After infection, or vaccination, naïve CD8 T cells are activated by antigen presenting cells (APCs) in secondary lymphoid organs. Activated CD8 T cells undergo a strong proliferation (so-called clonal expansion) and differentiate, generating a progeny composed by short-lived effectors and long-lived memory cells. Once antigen is eliminated, most cells die in the contraction phase and only few cells persist and create the pool of the memory CD8 T cells. These cells are able to respond to a second antigenic challenge in a more effective and faster way than in the primary response. Tracking the kinetics of CD8 T cell response in different clinical conditions is important for the development of new therapeutic approaches to many life-threatening diseases (such as HIV, tuberculosis, cancers). To date most research has been focused on the phenotypical discrimination between effector and memory CD8 T cells subsets, based on the expression of membrane markers. However, membrane phenotype is transient and can be modulated by several factors in the tissue microenvironment, and indeed it does not depict the presence of antigen-specific CD8 T cells in a specific phase of the response. In this project, we aim to investigate the antigen-specific CD8 T cell response after vaccination in mice. Our attention will be focused on tracking the transition from acute to memory phase by cell cycle analysis of antigen-specific CD8 T cells. Given that our recent results in vaccinated mice have shown that clonal expansion occurs not only in draining lymph-nodes but also in spleen, blood and bone marrow, we will evaluate if acute to memory phase transition is synchronized in different lymphoid organs. Our results will be instrumental to track CD8 T cell response in humans after infections or vaccination, as well as in cancers, and will improve the design of new therapeutic approaches.
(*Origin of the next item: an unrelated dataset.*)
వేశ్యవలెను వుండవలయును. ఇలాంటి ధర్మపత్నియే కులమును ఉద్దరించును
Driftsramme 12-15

CD8 T cell response is crucial in many diseases such as infections, cancer and autoimmune disorders. Current methods to track CD8 T cell response are mostly based on the expression of surface markers that are not able to follow the antigen-specific CD8 T cell transition from acute to memory phases. Indeed, many features of the acute to memory phase transition are still unclear, for example whether it proceeds with a synchronized kinetics in different organs is still unknown. Our recent data in vaccinated mice demonstrated that clonal expansion during early phase of the response is not a local process, but occurs in the whole body. Indeed, we found antigen-specific CD8 T cells in S-G2-M phase of cell cycle in lymph node, blood, spleen and bone marrow after intramuscular vaccination in rear limbs (Simonetti S, Natalini A et al., Scand J Immunol, 2019; Natalini A et al., manuscript in preparation). Thus, although it is likely that expansion initiated in lymph-node draining the site of vaccine injection, soon after this event cycling antigen-specific CD8 T cells entered the circulation reaching other lymphoid sites (spleen and bone marrow).
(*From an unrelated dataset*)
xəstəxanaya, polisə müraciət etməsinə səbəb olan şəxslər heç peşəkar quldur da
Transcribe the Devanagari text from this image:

Here we propose that cell cycle state analysis of antigen specific CD8 T cells after their clonal expansion can be used to follow the transition from acute to memory phase in vaccinated mice. Our results will be instrumental to: i) understand the kinetics of the transition from acute to memory phase; ii) lead to a better knowledge of memory generation; iii) design strategies to induce long-lasting memory. Thus, our results could have important implications in human diseases.
For example, in the context of vaccine design, an unsolved issue is how to shorten the time between the first (prime) and the second immunization (boost). This is important especially in case of sudden epidemics (such as Ebola) or in highly progressive diseases (Sallusto F et al., Immunity, 2010). Our analysis could be used to identify the most appropriate time for boosting. By measuring the proportion of quiescent and slowly proliferating cells in the memory phase, and by achieving a better understanding of the connection between cell cycle and response to boost, we could be also able to predict the efficiency of the secondary response.
Moreover, in both melanoma and non-small-cell-lung cancer (NSCLC) patients it has been shown that unleashed anti-tumor CD8 T cells increase Ki67 expression after treatment with checkpoint inhibitors (CI) (Kamphorst AO et al., Proc Natl Acad Sci U S A, 2017; Wieland A et al., Cancer Immunol Immunother, 2018). These findings suggest that upon CI treatment anti-tumor CD8 T cells undergo a proliferative expansion simultaneously to their re-activation. However, Ki67 expression does not discriminate between cells in different cell cycle states and is not a marker of dividing cells. In contrast, cell cycle analysis of anti-tumor CD8 T cells according to our method, can be essential to test the efficacy of the therapy. Furthermore, it is known that after a first phase of anti-tumor response, anti-tumor CD8 T cells become exhausted and are inhibited by several mechanisms, for example by inhibitory interactions in the immune-suppressive tumor microenvironment (Zuazo M et al., Ann Transl Med, 2017). Our analysis could be helpful to acquire a better knowledge on protective memory, and distinguish it from disfunctional anti-tumor CD8 T cell response.
Our findings will contribute to advancement in T cell memory field, with relevant implications for immuno-mediated treatments in human diseases.